MSME owners aren’t familiar with regular UI/UX flows, which are derived from Western apps and are suited to Tier 1 city demographics.  The user journey is often complicated, has a lot of points of friction, and includes large, complex forms. Digital discovery of credit i.e discovering several credit offers and  comparing them online is difficult for them as well

These factors lead to MSMEs favoring informal sector for financing, or self-financing, because they have a hassle free process, are dictated by personal relationships, and have shorter turnaround times. However, the terms of informal credit hinder their growth of MSMEs in the long run.

Low financial literacy related to credit 

Limited understanding of credit products

Due to their lack of affinity to technology and formal lending institutions, MSMEs often can’t find the right credit products at the right time suitable for their needs. MSMEs have diverse use-cases and hence require customised credit solutions. 

Limited understanding of credit scores - Often, MSME owners are unaware of their credit bureau footprint.
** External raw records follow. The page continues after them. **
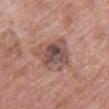Case summary:
* biopsy status — no biopsy performed (imaged during a skin exam)
* image source — ~15 mm tile from a whole-body skin photo
* automated metrics — a lesion area of about 14 mm², an eccentricity of roughly 0.5, and a shape-asymmetry score of about 0.25 (0 = symmetric); border irregularity of about 3.5 on a 0–10 scale, a within-lesion color-variation index near 8/10, and peripheral color asymmetry of about 2.5; an automated nevus-likeness rating near 10 out of 100 and a detector confidence of about 100 out of 100 that the crop contains a lesion
* lighting — white-light
* site — the chest
* subject — male, aged approximately 85 or older
* size — about 5 mm
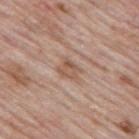This lesion was catalogued during total-body skin photography and was not selected for biopsy. Automated tile analysis of the lesion measured a footprint of about 4.5 mm² and an eccentricity of roughly 0.65. The software also gave a border-irregularity rating of about 3/10, internal color variation of about 4 on a 0–10 scale, and radial color variation of about 1.5. And it measured a classifier nevus-likeness of about 0/100. A lesion tile, about 15 mm wide, cut from a 3D total-body photograph. Captured under white-light illumination. The patient is a male aged 58–62. Approximately 3 mm at its widest. From the mid back.
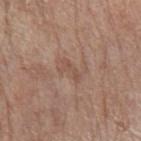Q: Was this lesion biopsied?
A: total-body-photography surveillance lesion; no biopsy
Q: Illumination type?
A: white-light illumination
Q: Patient demographics?
A: female, about 75 years old
Q: How large is the lesion?
A: about 2.5 mm
Q: Where on the body is the lesion?
A: the left forearm
Q: Automated lesion metrics?
A: an average lesion color of about L≈51 a*≈18 b*≈26 (CIELAB) and roughly 6 lightness units darker than nearby skin; lesion-presence confidence of about 100/100
Q: What is the imaging modality?
A: ~15 mm crop, total-body skin-cancer survey
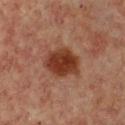Impression: The lesion was photographed on a routine skin check and not biopsied; there is no pathology result. Acquisition and patient details: A close-up tile cropped from a whole-body skin photograph, about 15 mm across. A female subject, aged 43–47. Imaged with cross-polarized lighting. Located on the chest. About 4.5 mm across.
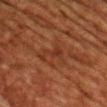Q: Is there a histopathology result?
A: total-body-photography surveillance lesion; no biopsy
Q: Who is the patient?
A: male, aged 58–62
Q: What did automated image analysis measure?
A: a border-irregularity index near 6.5/10, internal color variation of about 1.5 on a 0–10 scale, and peripheral color asymmetry of about 0.5; a nevus-likeness score of about 0/100 and lesion-presence confidence of about 90/100
Q: What is the lesion's diameter?
A: about 3.5 mm
Q: Where on the body is the lesion?
A: the chest
Q: How was this image acquired?
A: 15 mm crop, total-body photography
Q: Illumination type?
A: cross-polarized
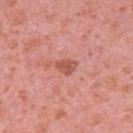notes: catalogued during a skin exam; not biopsied
subject: female, in their 40s
imaging modality: ~15 mm tile from a whole-body skin photo
automated metrics: a shape eccentricity near 0.7 and a shape-asymmetry score of about 0.25 (0 = symmetric); an average lesion color of about L≈55 a*≈29 b*≈31 (CIELAB), a lesion–skin lightness drop of about 10, and a normalized lesion–skin contrast near 7; a detector confidence of about 100 out of 100 that the crop contains a lesion
body site: the upper back
lighting: white-light illumination
lesion size: about 2.5 mm

Most MSMEs owners do not understand the consequences of defaulting on loans, the impact it has on their creditworthiness. 
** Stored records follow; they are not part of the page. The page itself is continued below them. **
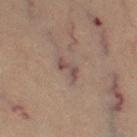| feature | finding |
|---|---|
| workup | total-body-photography surveillance lesion; no biopsy |
| illumination | cross-polarized illumination |
| location | the leg |
| image source | ~15 mm crop, total-body skin-cancer survey |
| lesion size | about 3.5 mm |
| subject | female, approximately 70 years of age |
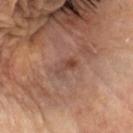notes: no biopsy performed (imaged during a skin exam) | image: total-body-photography crop, ~15 mm field of view | subject: female, approximately 65 years of age | site: the head or neck.
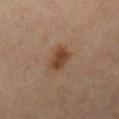notes — imaged on a skin check; not biopsied | tile lighting — cross-polarized | anatomic site — the right lower leg | size — ~3 mm (longest diameter) | automated lesion analysis — a lesion area of about 6 mm² and a shape eccentricity near 0.6; a lesion color around L≈36 a*≈17 b*≈27 in CIELAB, roughly 9 lightness units darker than nearby skin, and a lesion-to-skin contrast of about 9 (normalized; higher = more distinct); a nevus-likeness score of about 95/100 and a detector confidence of about 100 out of 100 that the crop contains a lesion | image — ~15 mm tile from a whole-body skin photo | patient — female, aged 68–72.
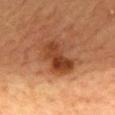| feature | finding |
|---|---|
| workup | catalogued during a skin exam; not biopsied |
| anatomic site | the mid back |
| illumination | cross-polarized |
| image | total-body-photography crop, ~15 mm field of view |
| patient | female, roughly 60 years of age |
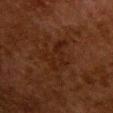biopsy_status: not biopsied; imaged during a skin examination
site: upper back
image:
  source: total-body photography crop
  field_of_view_mm: 15
lighting: cross-polarized
lesion_size:
  long_diameter_mm_approx: 4.5
patient:
  sex: female
  age_approx: 50

Establishing Business Identity is hard

Most  MSMEs are informally run and family-owned. owners are not equipped with the required documents and information. GST certificates are often not handy and ownership proof is often non-existent. There is also significant commingling of cash between the “business” and “personal” accounts. This becomes a major roadblock for lenders trying to determine the legitimacy of such units.

Language barriers

According to research, 80% of India’s users prefer their interfaces to come in vernacular languages, not English. But, English remains the language of choice for building new technology.  In order to effectively tap into the largely vernacular-speaking MSME segment, apps, web pages, and marketing collateral need to be in the local languages. 
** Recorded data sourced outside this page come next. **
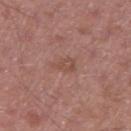  biopsy_status: not biopsied; imaged during a skin examination
  automated_metrics:
    area_mm2_approx: 3.5
    eccentricity: 0.8
    vs_skin_darker_L: 6.0
    border_irregularity_0_10: 4.0
    color_variation_0_10: 2.0
    peripheral_color_asymmetry: 1.0
  site: left thigh
  image:
    source: total-body photography crop
    field_of_view_mm: 15
  lighting: white-light
  patient:
    sex: male
    age_approx: 55
  lesion_size:
    long_diameter_mm_approx: 3.0
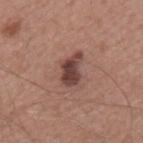Part of a total-body skin-imaging series; this lesion was reviewed on a skin check and was not flagged for biopsy. From the mid back. Imaged with white-light lighting. A male subject aged around 65. A lesion tile, about 15 mm wide, cut from a 3D total-body photograph. Approximately 4 mm at its widest.
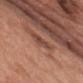Captured during whole-body skin photography for melanoma surveillance; the lesion was not biopsied. The lesion is located on the chest. A 15 mm close-up extracted from a 3D total-body photography capture. A male patient aged approximately 55.
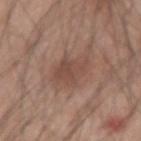workup = no biopsy performed (imaged during a skin exam)
lighting = white-light illumination
image = ~15 mm crop, total-body skin-cancer survey
diameter = ~4.5 mm (longest diameter)
site = the right forearm
subject = male, aged 43 to 47
automated lesion analysis = internal color variation of about 3 on a 0–10 scale and a peripheral color-asymmetry measure near 1
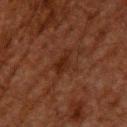Assessment:
Part of a total-body skin-imaging series; this lesion was reviewed on a skin check and was not flagged for biopsy.
Image and clinical context:
A male patient, aged 58 to 62. The lesion is on the upper back. A region of skin cropped from a whole-body photographic capture, roughly 15 mm wide. The recorded lesion diameter is about 3 mm. Imaged with cross-polarized lighting.
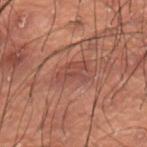| key | value |
|---|---|
| workup | imaged on a skin check; not biopsied |
| subject | male, aged 48–52 |
| anatomic site | the lower back |
| image | 15 mm crop, total-body photography |
| diameter | about 4 mm |
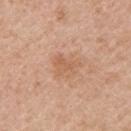Q: Was a biopsy performed?
A: catalogued during a skin exam; not biopsied
Q: Automated lesion metrics?
A: a footprint of about 6.5 mm², an eccentricity of roughly 0.6, and two-axis asymmetry of about 0.4; a mean CIELAB color near L≈60 a*≈21 b*≈34, about 7 CIELAB-L* units darker than the surrounding skin, and a normalized lesion–skin contrast near 5; border irregularity of about 4 on a 0–10 scale and a within-lesion color-variation index near 2/10; an automated nevus-likeness rating near 0 out of 100 and a lesion-detection confidence of about 100/100
Q: Lesion location?
A: the right upper arm
Q: How large is the lesion?
A: about 3.5 mm
Q: Who is the patient?
A: female, aged around 60
Q: How was this image acquired?
A: total-body-photography crop, ~15 mm field of view
Q: What lighting was used for the tile?
A: white-light
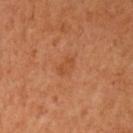This lesion was catalogued during total-body skin photography and was not selected for biopsy.
The recorded lesion diameter is about 2.5 mm.
On the left upper arm.
A female subject, approximately 55 years of age.
A lesion tile, about 15 mm wide, cut from a 3D total-body photograph.
Captured under cross-polarized illumination.

How Embedded Finance addresses these challenges?

Embedded finance combines sophisticated tech infrastructure, know-how of distributing financial services at scale, with the capital from financial institutions to increase credit access for MSMEs. Here’s how Embedded Finance addresses the challenges listed above.

Platform Data Underwriting  

Embedded finance leverages platform data for cash flow-based underwriting. Creditworthiness is then based on data available with various digital platforms. For example accounts receivable from a Khata app, data on past orders from a B2B E-Commerce app are used to augment creditworthiness decisions

Tailoring user experience in close collaboration with digital platforms 

Embedded finance tailors loan application experiences in collaboration with digital platforms. Through this enhanced understanding of the customer, the customer experience is engineered to become flexible, simplified, and guided.  credit is then offered in-context to reduce the effort of digital discovery and application for the MSME borrower.

Leveraging the relationship built between digital platforms and end-customer

Embedded Finance companies leverage the trust built by the digital platform to offer loans, facilitate applications, and repayment. They can educate MSMEs via the anchor platform. 

Digital Platforms also have rich demographic data about MSMEs that isn’t centrally available. This data can be leveraged to understand the heterogeneity of the MSME sector and tailor financial products and processes to each segment.

Conclusion

Financial Inclusion of MSMEs is a complex problem, and requires financial institutions, digital platforms, and fintechs to forge deep partnerships. It requires building a technology-driven credit product innovation and distribution strategy. Lenders must digitise their processes and leverage alternate data underwriting to lower their acquisition costs and use data deeply to recover them by driving repeat transactions. They must leverage partnerships with Embedded Finance infrastructure providers to quickly go to market with MSME credit products and iterate rapidly to tailor and innovate for the heterogeneous MSME sector.